-- Opening Marker --
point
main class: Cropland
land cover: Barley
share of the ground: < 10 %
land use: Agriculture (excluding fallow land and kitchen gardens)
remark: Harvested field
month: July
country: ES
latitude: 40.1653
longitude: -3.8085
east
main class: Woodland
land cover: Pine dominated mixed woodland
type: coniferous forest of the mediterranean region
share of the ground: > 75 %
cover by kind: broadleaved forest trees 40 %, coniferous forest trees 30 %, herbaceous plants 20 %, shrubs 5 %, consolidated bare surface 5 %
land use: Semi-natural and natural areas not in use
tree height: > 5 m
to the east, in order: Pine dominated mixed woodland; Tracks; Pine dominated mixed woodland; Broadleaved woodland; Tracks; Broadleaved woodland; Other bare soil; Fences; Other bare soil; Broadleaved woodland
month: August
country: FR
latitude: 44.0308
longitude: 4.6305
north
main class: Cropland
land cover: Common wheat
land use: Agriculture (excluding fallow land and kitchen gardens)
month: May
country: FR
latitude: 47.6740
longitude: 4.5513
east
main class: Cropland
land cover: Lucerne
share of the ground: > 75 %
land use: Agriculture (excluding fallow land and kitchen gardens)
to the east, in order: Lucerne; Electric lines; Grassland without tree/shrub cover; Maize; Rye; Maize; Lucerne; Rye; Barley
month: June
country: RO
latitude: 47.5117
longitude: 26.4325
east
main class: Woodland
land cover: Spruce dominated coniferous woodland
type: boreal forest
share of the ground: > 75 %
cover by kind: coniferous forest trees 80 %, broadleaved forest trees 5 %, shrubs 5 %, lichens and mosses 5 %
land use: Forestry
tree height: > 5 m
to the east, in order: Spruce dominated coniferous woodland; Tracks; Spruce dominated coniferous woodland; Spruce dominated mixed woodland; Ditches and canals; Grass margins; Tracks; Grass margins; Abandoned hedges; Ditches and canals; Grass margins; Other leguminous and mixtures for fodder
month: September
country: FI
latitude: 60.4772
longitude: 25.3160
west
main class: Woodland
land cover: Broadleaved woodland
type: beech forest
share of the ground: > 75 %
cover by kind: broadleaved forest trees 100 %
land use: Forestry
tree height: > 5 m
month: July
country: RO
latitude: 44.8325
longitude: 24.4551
-- Closing Marker --
# What is required:
The records above are to be set down again exactly as written.

# Response:
point
main class: Cropland
land cover: Barley
share of the ground: < 10 %
land use: Agriculture (excluding fallow land and kitchen gardens)
remark: Harvested field
month: July
country: ES
latitude: 40.1653
longitude: -3.8085
east
main class: Woodland
land cover: Pine dominated mixed woodland
type: coniferous forest of the mediterranean region
share of the ground: > 75 %
cover by kind: broadleaved forest trees 40 %, coniferous forest trees 30 %, herbaceous plants 20 %, shrubs 5 %, consolidated bare surface 5 %
land use: Semi-natural and natural areas not in use
tree height: > 5 m
to the east, in order: Pine dominated mixed woodland; Tracks; Pine dominated mixed woodland; Broadleaved woodland; Tracks; Broadleaved woodland; Other bare soil; Fences; Other bare soil; Broadleaved woodland
month: August
country: FR
latitude: 44.0308
longitude: 4.6305
north
main class: Cropland
land cover: Common wheat
land use: Agriculture (excluding fallow land and kitchen gardens)
month: May
country: FR
latitude: 47.6740
longitude: 4.5513
east
main class: Cropland
land cover: Lucerne
share of the ground: > 75 %
land use: Agriculture (excluding fallow land and kitchen gardens)
to the east, in order: Lucerne; Electric lines; Grassland without tree/shrub cover; Maize; Rye; Maize; Lucerne; Rye; Barley
month: June
country: RO
latitude: 47.5117
longitude: 26.4325
east
main class: Woodland
land cover: Spruce dominated coniferous woodland
type: boreal forest
share of the ground: > 75 %
cover by kind: coniferous forest trees 80 %, broadleaved forest trees 5 %, shrubs 5 %, lichens and mosses 5 %
land use: Forestry
tree height: > 5 m
to the east, in order: Spruce dominated coniferous woodland; Tracks; Spruce dominated coniferous woodland; Spruce dominated mixed woodland; Ditches and canals; Grass margins; Tracks; Grass margins; Abandoned hedges; Ditches and canals; Grass margins; Other leguminous and mixtures for fodder
month: September
country: FI
latitude: 60.4772
longitude: 25.3160
west
main class: Woodland
land cover: Broadleaved woodland
type: beech forest
share of the ground: > 75 %
cover by kind: broadleaved forest trees 100 %
land use: Forestry
tree height: > 5 m
month: July
country: RO
latitude: 44.8325
longitude: 24.4551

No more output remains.